Helen Nickum, who worked 18 years as a secretary for Amalgamated Transit Union (ATU) Local 757, died March 29 at the age of 87.
Nickum was born to a union family in Portland in 1928. Her father was a union ironworker who built bridges and dams, and her uncle, Earl “Big Mac” McLenahan, was a Painters Union business agent. After graduating from Jefferson High School in 1945, Nickum got a job in the Portland shipyard as a secretary for the son of local ship and steel magnate Henry Kaiser.
She remained a secretary all her life, though the requirements changed over the course of 61 years. From dictation and ditto machines to faxes and photocopiers, she stuck with the profession, learning over a dozen word processing programs dating from the dawn of the personal computer. She studied business and mathematics at University of Oregon in the late 1940s, and later earned a bachelor’s degree in secretarial science at Oregon State College in 1950.
She then worked as a legal secretary for the Portland law firm Davidson & Nikoloric, and became active in the Democratic Party as a precinct committee-person, volunteering for Adlai Stevenson’s unsuccessful presidential campaigns, and for the successful campaign of Richard Neuberger for U.S. Senate. When Neuberger won, Nickum asked him for a job and was hired. That assignment began nearly two decades of life and work in Washington, D.C., where she worked for Oregon Congresswoman Edith Green and for the Democratic National Committee.

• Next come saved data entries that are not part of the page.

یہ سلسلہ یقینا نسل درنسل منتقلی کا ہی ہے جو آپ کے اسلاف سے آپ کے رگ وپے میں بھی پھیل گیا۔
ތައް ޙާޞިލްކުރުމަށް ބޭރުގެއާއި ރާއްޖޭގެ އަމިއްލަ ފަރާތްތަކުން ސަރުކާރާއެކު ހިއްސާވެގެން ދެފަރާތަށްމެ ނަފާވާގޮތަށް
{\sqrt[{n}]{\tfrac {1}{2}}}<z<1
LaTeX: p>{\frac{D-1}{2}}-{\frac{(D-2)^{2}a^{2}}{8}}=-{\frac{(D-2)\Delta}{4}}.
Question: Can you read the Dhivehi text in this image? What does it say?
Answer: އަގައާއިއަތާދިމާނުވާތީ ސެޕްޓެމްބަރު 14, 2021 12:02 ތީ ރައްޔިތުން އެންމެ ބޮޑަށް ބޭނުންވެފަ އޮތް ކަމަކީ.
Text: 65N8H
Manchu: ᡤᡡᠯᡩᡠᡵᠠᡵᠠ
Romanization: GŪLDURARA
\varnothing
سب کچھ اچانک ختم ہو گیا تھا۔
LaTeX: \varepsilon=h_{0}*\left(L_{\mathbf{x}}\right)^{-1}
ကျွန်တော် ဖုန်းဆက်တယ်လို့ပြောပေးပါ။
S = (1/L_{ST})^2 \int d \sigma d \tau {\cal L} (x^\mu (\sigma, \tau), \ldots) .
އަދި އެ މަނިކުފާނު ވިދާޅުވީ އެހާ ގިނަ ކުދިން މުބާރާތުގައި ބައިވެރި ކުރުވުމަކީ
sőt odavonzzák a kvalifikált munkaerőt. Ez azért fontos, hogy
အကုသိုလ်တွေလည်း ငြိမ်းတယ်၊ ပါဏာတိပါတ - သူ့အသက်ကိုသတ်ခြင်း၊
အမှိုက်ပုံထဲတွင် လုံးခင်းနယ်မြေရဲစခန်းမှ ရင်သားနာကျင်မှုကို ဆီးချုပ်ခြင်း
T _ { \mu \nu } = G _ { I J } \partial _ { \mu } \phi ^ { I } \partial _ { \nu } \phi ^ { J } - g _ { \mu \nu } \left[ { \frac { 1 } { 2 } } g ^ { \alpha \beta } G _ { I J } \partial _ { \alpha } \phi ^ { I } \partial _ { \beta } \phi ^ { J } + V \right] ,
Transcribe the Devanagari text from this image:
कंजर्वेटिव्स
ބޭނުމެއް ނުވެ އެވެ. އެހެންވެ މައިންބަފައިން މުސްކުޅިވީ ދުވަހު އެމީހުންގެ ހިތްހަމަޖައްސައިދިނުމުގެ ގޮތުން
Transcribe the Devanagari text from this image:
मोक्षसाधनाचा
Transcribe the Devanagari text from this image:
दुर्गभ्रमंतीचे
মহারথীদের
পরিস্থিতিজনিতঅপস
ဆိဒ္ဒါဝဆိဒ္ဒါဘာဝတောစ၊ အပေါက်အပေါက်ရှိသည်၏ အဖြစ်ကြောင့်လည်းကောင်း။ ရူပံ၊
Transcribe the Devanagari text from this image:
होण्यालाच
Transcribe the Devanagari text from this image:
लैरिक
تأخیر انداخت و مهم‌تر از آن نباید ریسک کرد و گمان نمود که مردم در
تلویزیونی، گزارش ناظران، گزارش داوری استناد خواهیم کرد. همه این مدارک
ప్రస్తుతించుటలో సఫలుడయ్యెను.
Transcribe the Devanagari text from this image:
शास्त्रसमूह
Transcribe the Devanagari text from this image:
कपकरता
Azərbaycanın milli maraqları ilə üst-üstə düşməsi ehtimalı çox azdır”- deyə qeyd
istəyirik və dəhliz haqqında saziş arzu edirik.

After temping for a secretarial firm, she decided to form her own company. During the 1960s, she and as many as 18 employees did temporary work and printing jobs for government agencies. When race riots consumed neighborhoods in over a dozen cities in 1967, she and her company transcribed the interviews conducted by the government’s investigatory commission. But in 1971, she closed her business, packed her bags and her two cats, and returned to Portland.
She took a job at U.S. Bank, but after three years, left and joined a successful class action gender discrimination lawsuit. She became active with the local women’s movement, and with groups like Common Cause and Friends of the Columbia Gorge. Finally, after a seven-year stint at CH2M Hill, she was hired at ATU in August 1987, working first for financial secretary-treasurer Tony Bryant and then, for many years, for Ron Heintzman.

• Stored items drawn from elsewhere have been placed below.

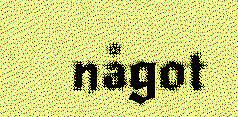
något
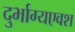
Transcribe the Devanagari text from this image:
दुर्भाग्यएवश
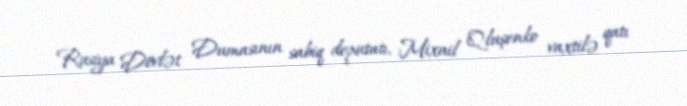
Rusiya Dövlət Dumasının sabiq deputatı, Mixail Qluşenko vaxtilə qatı
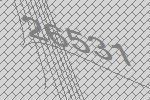
26531
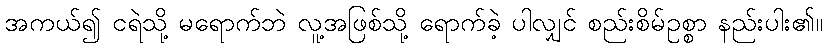
အကယ်၍ ငရဲသို့ မရောက်ဘဲ လူ့အဖြစ်သို့ ရောက်ခဲ့ ပါလျှင် စည်းစိမ်ဥစ္စာ နည်းပါး၏။
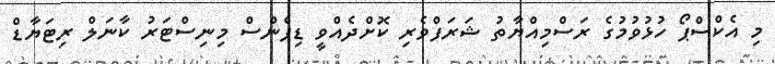
މި އެކްސްޕޯ ހުޅުވުމުގެ ރަސްމިއްޔާތު ޝަރަފްވެރި ކޮށްދެއްވީ ޑިފެންސް މިނިސްޓަރު ކާނަލް ރިޓަޔާޑް
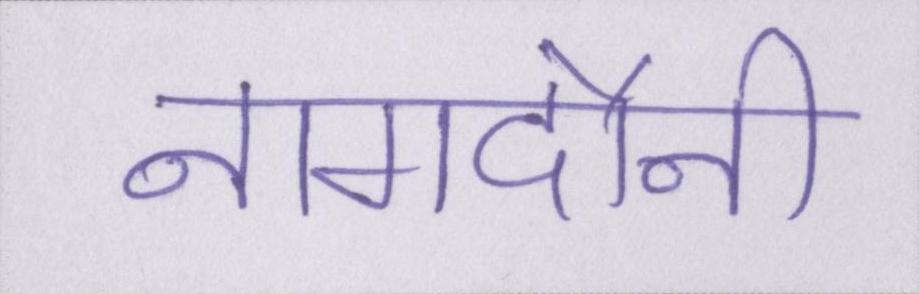
नागदौनी
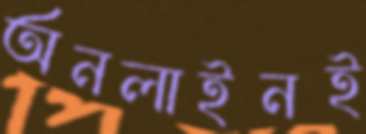
অনলাইনই
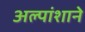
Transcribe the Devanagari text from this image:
अल्पांशाने
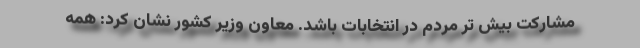
مشارکت بیش تر مردم در انتخابات باشد. معاون وزیر کشور نشان کرد: همه
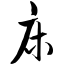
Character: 床
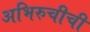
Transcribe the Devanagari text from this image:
अभिरुचीची
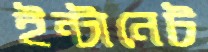
ইন্টানেট
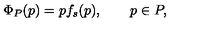
\Phi _ { P } ( p ) = p f _ { s } ( p ) , \qquad p \in P ,
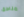
مناطق
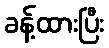
ခန့်ထားပြီး
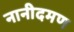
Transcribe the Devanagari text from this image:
नानीदमण
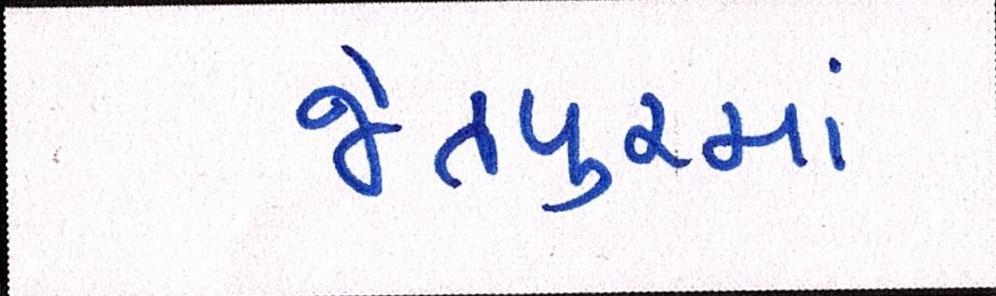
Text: જેતપુરમાં

At Local 757, Nickum was a member of Office and Professional Employees International Union Local 11. She retired in March 2006 with a union pension and health benefits.
In retirement, she volunteered for the Oregon Historical Society, and transcribed 267 hours of recorded interviews for the Oregon Labor Oral History Program of the Pacific Northwest Labor History Association. In 2011, she was interviewed, herself, for the project. In the transcript, available here, she talks about her life and work in Washington DC and Portland.
On March 27, on a field trip at Maryhill Museum, she fell on some stairs and hit her head, and lost consciousness. She was life-flighted to Emanuel hospital, but never regained consciousness, and died two days later.
She is survived by nephew Phil Rudolph, a retired TriMet bus operator, his wife Becky Thompson, and grandnieces Sara Rudolph and Liz Kinniman, all of Portland; as well as a cousin, Rossanne Williams, of Toronto.
Thanks for this article about Helen who had remarkable adventures throughout her work life. I worked with Helen at a law firm in Portland and we were on the board of the International Word Processing Association in the early 1980’s. She was a mentor and supporter to me and I will miss her presence in my life and her perspective on life.
Sorry to hear about Helen passing. I will print it out for my son, since he has her mentioned on Ancesty.com. Hope you and Beck are doing okay. You were lucky to have her in your life.